Growing up, my "fake" ID was my passport. When I applied for it, they read my
birth year wrong (I guess my 7 wasn't too legible and they thought it was a
2). I could barely pass for my own age, let alone 5 years older, but it worked
most of the time.

All my friends ended up using the flaw that I'd inadvertently exposed when
their fakes got confiscated. It was just cheaper and more reliable to use an
actual government-issued ID.

------
fivestar
So many interesting threads to discuss on this matter.

The problem in the US is too many people hate that others have freedom--hence
the MADD group's desire to remove any semblance of fun in order to make
everyone else as miserable as they are.

The US drinking age, if there should be one at all, should revert to 18 and
the ID problem would pretty much disappear.

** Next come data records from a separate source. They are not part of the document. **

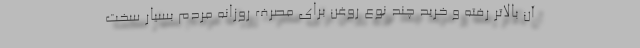
آن بالاتر رفته و خرید چند نوع روغن برای مصرف روزانه مردم بسیار سخت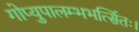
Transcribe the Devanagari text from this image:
गोप्युपालम्भभर्त्सितः।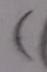
(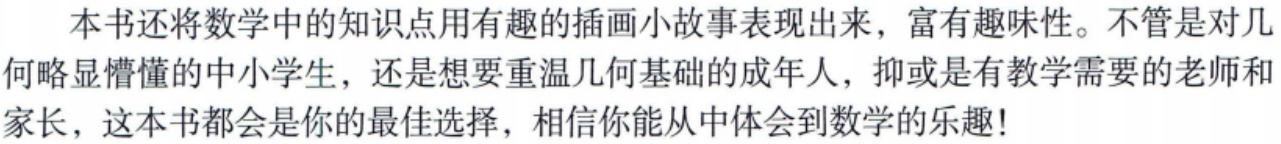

I can't describe all the ways that people have become emotionally and socially
stunted simply because we have too many laws making typical, normal human
behavior illegal in order so that some company can earn higher profits (think
lawyers, think insurance industry). They've ruined our way of life and we need
it back. We are a nation in hiding, ducking too many laws, too many cops, and
too many restrictions. I'm not saying people should be free to drink and
drive, but I am saying that all the laws limiting behavior have had tremendous
negative consequences.

On to the lowly driver's license. Once upon a time, possessing one
demonstrated that one could competently operate a motor vehicle. No more.
Today, most "driver's" can't drive worth a damn, and the "license" they hold
is an over-regulated, poorly implemented national identity card that you must
have in order to get on a flight or enter certain Federal facilities. It's
utterly stupid. Identity cards in general are dumb and over-wrought
contrivances that are mostly totalitarian in nature "your papers please"\--how
soon we forget. And now we have RealID, which is even worse, and soon there
will be a massive data breach of all that RealID information the feds are
hanging on to with all the attendant negative consequences for the people who
willingly surrendered themselves to big government.

That there exists a thriving illegal Id industry in the 21st century makes me
happy because it means the trap of tyranny isn't completed shut--there is
still resistance, still a means of escape.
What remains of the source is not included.